:: WHAT TO PRODUCE ::
If a line below holds the word "poplar", count it; then say how many such lines there are and nothing else.

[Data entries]
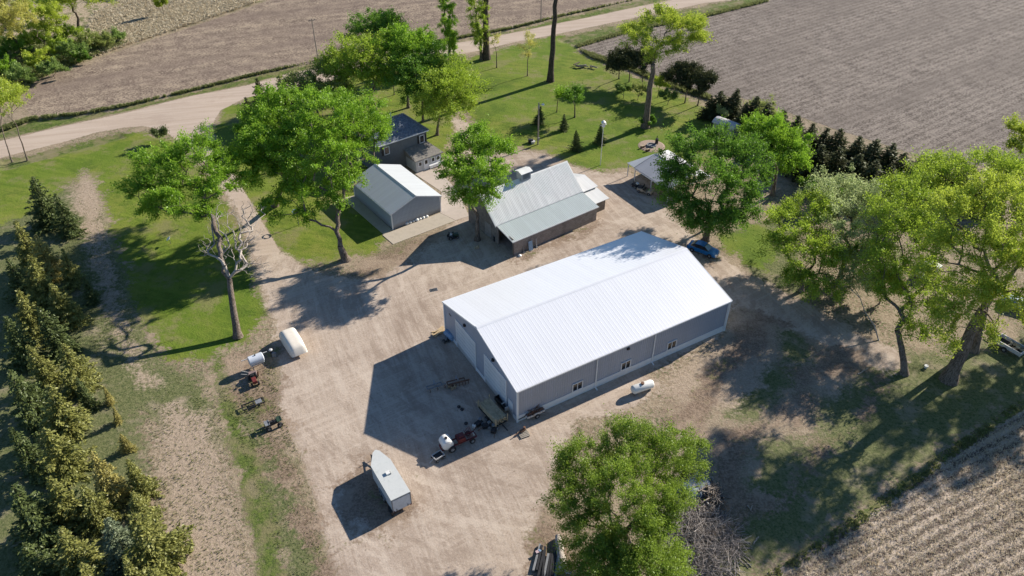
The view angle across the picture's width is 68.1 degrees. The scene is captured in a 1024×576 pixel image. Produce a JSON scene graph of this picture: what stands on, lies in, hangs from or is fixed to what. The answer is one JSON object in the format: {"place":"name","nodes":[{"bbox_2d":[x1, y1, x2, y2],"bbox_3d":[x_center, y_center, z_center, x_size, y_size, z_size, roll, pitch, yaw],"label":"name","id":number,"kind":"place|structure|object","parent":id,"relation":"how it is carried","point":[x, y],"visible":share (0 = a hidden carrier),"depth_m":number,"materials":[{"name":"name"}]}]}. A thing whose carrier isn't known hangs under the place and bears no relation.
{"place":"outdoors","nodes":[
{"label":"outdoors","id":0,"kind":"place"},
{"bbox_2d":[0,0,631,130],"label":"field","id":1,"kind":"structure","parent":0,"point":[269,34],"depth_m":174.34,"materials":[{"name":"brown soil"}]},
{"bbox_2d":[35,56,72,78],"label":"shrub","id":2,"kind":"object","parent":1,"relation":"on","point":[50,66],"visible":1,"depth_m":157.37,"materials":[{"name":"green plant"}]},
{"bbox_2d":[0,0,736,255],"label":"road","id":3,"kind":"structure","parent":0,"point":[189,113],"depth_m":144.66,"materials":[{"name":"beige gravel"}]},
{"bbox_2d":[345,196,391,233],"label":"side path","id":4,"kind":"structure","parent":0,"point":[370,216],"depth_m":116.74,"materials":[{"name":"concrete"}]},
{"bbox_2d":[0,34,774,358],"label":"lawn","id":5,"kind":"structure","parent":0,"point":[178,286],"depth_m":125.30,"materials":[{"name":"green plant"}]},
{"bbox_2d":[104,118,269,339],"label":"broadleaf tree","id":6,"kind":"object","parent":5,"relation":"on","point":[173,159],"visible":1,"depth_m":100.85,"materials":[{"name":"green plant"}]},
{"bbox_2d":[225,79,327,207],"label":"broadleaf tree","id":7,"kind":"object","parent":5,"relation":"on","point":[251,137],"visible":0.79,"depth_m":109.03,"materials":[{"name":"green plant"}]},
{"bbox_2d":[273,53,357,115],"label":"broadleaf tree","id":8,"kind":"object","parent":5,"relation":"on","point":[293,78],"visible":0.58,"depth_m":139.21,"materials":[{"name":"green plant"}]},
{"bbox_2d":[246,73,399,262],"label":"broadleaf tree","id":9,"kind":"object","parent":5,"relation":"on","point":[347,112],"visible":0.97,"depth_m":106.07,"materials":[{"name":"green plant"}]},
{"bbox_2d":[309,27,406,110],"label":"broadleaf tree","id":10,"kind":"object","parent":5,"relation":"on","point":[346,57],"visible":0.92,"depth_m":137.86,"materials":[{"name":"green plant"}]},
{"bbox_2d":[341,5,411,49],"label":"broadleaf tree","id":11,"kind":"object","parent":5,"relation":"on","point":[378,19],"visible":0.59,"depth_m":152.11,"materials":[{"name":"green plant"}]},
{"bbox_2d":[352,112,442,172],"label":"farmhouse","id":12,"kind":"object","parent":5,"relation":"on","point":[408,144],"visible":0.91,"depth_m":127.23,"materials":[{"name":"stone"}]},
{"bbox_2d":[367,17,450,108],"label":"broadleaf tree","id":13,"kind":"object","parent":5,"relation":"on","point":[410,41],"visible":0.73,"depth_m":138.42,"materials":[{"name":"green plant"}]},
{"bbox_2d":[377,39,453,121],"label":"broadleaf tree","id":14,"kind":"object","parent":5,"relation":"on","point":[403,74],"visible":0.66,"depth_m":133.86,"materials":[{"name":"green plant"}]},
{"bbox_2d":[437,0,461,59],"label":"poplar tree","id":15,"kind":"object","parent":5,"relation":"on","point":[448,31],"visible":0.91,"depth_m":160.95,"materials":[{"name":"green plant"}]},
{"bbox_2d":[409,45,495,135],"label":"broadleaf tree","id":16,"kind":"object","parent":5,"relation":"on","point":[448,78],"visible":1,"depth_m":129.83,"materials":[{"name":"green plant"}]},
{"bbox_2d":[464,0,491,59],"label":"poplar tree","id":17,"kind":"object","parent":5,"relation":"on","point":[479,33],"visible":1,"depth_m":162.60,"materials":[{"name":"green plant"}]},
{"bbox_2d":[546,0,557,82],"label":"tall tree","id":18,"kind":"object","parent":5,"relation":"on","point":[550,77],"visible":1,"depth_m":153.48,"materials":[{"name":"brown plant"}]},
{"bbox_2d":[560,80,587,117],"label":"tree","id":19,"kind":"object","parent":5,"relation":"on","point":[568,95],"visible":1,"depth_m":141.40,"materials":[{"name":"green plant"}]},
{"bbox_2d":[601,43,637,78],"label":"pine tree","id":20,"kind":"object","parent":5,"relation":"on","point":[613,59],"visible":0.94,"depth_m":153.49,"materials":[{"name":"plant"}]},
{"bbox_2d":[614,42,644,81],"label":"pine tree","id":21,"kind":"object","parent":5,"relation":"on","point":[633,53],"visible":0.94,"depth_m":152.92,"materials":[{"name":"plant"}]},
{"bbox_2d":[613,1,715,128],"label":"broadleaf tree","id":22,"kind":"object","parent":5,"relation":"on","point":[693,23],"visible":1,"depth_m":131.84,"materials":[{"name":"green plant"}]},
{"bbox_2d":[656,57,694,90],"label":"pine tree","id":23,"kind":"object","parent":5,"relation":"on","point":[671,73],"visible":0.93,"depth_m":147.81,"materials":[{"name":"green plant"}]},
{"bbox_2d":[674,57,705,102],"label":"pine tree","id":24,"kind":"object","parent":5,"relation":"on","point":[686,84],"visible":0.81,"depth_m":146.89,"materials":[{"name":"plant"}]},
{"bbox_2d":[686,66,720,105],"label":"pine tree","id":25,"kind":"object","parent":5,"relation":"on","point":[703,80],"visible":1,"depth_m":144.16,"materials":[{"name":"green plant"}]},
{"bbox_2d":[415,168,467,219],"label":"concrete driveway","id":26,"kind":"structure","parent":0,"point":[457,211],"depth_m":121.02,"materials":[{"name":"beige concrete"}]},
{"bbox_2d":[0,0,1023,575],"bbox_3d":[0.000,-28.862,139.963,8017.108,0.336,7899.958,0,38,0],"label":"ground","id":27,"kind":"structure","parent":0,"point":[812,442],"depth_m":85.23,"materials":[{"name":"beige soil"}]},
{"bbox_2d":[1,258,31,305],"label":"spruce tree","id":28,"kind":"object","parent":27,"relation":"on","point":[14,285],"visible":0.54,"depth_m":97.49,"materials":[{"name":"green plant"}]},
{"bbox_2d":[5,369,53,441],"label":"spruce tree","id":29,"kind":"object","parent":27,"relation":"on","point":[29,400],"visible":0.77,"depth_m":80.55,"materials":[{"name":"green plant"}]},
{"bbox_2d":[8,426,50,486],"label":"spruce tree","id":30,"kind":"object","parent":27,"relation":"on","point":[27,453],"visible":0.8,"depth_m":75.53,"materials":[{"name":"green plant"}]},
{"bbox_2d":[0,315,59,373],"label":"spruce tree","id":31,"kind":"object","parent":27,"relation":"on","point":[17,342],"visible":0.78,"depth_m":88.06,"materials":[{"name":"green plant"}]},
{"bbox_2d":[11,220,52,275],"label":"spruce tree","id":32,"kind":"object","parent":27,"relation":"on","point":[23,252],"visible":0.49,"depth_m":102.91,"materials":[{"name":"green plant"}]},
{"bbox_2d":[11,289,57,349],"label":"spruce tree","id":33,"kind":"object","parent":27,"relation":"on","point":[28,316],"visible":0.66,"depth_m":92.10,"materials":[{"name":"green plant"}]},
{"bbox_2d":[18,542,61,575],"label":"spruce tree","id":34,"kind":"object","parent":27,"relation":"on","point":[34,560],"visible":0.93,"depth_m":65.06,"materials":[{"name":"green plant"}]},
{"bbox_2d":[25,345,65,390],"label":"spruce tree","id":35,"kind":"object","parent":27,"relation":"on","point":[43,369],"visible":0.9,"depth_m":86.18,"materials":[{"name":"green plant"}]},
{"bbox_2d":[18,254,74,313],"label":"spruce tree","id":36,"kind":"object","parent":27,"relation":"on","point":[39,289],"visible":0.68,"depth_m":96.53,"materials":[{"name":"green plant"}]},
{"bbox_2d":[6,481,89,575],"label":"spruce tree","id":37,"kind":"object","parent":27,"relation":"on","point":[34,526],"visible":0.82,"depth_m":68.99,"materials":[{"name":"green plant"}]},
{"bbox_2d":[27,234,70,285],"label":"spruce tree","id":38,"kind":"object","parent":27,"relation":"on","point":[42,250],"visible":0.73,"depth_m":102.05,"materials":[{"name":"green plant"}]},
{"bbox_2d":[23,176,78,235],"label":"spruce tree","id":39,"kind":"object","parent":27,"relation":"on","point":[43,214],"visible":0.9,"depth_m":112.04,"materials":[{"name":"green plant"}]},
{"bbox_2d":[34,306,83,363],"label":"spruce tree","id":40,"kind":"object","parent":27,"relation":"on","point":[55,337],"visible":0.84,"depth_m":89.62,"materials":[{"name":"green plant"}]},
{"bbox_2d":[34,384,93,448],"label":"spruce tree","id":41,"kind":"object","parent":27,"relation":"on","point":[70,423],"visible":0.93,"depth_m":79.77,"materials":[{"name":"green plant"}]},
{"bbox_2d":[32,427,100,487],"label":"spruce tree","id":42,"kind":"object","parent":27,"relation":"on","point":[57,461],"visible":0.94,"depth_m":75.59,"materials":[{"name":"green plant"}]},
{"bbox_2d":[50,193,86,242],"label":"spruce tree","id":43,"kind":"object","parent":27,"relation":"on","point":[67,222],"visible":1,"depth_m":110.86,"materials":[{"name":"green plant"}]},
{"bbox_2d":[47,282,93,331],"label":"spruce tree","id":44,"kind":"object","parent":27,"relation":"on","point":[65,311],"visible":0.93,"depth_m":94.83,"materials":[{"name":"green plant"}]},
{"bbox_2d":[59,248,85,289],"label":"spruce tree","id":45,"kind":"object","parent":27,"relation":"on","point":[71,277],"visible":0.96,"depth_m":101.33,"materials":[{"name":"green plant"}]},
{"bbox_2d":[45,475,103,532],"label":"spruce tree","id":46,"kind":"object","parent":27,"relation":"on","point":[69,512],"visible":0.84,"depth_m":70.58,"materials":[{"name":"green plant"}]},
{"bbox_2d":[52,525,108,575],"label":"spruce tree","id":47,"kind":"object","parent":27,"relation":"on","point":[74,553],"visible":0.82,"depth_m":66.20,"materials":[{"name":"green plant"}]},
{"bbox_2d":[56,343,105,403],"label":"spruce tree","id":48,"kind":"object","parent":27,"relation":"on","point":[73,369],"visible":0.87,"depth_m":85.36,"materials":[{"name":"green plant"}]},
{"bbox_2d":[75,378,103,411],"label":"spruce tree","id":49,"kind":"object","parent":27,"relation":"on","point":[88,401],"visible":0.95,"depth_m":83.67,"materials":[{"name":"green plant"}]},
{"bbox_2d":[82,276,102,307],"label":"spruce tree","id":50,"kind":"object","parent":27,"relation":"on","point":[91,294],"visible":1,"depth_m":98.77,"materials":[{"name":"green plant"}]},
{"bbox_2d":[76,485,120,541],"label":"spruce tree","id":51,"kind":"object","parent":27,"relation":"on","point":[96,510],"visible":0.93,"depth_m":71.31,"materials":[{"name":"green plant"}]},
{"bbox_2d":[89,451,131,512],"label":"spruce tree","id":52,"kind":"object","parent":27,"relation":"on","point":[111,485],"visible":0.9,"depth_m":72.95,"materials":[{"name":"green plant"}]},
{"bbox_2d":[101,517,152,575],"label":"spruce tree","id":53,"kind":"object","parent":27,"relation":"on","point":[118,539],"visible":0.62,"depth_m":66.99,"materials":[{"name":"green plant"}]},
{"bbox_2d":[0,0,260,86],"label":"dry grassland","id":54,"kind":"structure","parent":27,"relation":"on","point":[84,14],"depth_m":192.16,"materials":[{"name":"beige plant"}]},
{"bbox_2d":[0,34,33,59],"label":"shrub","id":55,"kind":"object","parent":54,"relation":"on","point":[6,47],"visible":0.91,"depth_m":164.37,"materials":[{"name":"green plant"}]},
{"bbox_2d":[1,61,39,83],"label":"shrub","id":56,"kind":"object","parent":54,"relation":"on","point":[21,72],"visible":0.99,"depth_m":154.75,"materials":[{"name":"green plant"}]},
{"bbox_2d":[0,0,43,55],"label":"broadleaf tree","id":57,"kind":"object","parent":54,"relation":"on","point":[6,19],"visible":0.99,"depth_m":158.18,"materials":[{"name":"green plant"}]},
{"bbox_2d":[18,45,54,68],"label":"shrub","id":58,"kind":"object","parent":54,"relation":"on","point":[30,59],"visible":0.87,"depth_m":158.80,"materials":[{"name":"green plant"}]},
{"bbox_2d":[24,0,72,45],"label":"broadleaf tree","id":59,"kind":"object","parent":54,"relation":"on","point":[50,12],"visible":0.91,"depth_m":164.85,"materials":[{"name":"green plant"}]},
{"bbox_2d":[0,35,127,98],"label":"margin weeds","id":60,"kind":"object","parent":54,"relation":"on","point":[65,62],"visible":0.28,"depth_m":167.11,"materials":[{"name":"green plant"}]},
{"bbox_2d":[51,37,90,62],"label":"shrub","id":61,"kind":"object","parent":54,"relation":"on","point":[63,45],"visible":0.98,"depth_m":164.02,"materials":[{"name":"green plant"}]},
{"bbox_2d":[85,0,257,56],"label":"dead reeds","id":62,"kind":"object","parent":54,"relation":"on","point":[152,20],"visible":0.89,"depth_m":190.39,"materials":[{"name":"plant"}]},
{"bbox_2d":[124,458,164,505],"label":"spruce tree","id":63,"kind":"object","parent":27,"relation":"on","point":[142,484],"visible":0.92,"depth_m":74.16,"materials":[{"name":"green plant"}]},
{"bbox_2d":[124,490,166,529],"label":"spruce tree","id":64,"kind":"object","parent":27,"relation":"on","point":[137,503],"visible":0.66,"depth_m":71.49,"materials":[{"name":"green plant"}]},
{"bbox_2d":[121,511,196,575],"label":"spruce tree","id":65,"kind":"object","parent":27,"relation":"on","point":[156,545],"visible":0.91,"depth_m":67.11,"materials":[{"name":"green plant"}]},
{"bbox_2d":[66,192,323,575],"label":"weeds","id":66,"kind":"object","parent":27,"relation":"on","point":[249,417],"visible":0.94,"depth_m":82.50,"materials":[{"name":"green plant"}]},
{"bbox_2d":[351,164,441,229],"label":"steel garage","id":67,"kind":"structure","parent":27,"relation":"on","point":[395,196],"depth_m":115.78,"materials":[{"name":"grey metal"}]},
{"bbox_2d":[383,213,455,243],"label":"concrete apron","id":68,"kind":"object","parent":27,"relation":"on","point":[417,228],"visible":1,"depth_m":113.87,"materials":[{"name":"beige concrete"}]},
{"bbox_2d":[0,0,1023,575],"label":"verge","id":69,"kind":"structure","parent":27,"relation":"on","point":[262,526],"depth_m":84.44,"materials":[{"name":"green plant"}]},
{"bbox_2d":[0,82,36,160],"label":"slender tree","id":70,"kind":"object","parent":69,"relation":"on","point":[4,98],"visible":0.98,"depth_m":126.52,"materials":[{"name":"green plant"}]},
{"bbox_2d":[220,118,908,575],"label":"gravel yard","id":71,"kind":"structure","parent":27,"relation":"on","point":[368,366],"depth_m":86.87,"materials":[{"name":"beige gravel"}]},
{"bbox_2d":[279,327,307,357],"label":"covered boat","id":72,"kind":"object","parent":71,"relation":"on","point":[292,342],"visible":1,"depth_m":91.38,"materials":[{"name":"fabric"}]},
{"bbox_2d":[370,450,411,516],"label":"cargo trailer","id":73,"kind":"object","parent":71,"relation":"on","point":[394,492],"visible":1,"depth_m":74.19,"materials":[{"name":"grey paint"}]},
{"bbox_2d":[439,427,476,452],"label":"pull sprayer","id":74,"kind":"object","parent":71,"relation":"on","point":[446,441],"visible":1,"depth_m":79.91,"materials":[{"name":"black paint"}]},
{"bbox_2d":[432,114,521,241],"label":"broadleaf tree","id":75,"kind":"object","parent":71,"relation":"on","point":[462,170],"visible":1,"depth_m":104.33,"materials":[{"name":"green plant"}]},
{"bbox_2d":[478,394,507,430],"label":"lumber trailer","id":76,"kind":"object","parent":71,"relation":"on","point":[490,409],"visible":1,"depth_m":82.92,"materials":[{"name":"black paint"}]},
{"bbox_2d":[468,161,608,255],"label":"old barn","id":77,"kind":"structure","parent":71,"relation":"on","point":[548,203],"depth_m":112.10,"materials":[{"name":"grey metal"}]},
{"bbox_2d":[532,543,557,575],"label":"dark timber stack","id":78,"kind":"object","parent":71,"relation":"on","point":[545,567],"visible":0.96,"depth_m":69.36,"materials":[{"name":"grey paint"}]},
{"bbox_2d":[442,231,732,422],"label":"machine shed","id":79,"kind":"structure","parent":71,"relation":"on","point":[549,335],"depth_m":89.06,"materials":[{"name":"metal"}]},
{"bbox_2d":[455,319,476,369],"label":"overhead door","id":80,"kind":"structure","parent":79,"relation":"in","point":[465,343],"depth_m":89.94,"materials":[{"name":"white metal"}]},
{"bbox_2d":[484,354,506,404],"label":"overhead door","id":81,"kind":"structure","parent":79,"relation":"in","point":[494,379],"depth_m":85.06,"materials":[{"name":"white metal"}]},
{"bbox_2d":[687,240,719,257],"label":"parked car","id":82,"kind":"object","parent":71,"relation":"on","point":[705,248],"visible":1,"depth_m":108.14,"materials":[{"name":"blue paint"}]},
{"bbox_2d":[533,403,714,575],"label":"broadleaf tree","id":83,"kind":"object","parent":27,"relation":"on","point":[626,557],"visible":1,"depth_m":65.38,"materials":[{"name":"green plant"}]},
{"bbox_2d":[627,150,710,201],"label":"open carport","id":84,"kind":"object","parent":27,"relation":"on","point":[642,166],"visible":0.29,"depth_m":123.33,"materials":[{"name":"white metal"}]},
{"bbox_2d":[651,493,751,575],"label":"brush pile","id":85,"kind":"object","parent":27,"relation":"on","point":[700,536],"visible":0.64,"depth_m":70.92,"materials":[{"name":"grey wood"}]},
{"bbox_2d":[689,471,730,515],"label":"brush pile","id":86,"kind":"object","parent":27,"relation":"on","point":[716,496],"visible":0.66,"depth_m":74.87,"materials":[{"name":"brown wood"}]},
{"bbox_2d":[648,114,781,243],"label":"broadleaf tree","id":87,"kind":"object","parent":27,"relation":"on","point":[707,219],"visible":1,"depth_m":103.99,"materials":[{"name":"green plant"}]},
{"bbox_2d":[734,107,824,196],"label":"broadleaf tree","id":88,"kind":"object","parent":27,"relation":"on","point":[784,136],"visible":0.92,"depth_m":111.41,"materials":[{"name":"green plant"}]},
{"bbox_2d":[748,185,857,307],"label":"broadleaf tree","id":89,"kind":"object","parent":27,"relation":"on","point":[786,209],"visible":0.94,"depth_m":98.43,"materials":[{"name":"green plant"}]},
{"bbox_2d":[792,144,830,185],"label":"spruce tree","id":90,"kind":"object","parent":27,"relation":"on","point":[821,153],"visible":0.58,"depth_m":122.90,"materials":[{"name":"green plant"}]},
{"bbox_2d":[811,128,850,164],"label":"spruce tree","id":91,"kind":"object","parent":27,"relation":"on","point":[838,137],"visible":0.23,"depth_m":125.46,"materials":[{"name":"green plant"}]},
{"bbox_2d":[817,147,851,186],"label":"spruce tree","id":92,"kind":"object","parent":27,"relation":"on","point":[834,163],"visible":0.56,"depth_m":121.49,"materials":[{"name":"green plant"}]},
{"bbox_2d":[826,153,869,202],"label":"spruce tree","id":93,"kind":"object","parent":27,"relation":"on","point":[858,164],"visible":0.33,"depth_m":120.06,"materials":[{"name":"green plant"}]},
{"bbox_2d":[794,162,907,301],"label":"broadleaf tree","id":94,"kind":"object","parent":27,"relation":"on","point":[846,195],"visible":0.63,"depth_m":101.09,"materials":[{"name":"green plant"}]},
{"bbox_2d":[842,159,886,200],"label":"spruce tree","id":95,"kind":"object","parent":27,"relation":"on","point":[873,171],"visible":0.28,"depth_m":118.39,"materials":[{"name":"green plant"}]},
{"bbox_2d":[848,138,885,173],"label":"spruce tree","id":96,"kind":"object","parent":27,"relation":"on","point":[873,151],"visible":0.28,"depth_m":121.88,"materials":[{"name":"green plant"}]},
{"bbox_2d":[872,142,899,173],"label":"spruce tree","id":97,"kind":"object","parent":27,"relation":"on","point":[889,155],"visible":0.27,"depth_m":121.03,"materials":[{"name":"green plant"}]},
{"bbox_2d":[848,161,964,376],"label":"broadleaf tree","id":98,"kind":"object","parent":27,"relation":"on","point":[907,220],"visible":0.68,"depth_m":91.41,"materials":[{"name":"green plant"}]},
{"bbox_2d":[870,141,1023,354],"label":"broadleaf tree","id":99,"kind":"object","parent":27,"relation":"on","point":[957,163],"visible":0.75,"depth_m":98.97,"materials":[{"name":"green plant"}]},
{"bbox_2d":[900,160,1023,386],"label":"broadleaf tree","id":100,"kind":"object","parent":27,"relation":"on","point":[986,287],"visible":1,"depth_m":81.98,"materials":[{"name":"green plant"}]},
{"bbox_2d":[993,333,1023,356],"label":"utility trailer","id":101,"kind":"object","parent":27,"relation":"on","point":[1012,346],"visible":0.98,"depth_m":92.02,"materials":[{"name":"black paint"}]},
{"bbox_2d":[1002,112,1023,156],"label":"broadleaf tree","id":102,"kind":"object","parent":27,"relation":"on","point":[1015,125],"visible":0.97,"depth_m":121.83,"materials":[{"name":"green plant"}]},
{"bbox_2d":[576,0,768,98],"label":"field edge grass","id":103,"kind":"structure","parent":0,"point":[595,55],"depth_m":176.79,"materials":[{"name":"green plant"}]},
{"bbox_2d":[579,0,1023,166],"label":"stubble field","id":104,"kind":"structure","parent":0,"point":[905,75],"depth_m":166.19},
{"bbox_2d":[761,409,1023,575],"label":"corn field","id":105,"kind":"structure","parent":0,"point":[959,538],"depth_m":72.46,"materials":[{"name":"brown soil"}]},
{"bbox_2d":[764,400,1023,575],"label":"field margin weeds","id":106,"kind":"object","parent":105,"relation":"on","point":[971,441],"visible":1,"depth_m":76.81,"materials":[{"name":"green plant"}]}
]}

:: RESPONSE FOR THIS EXERCISE ::
2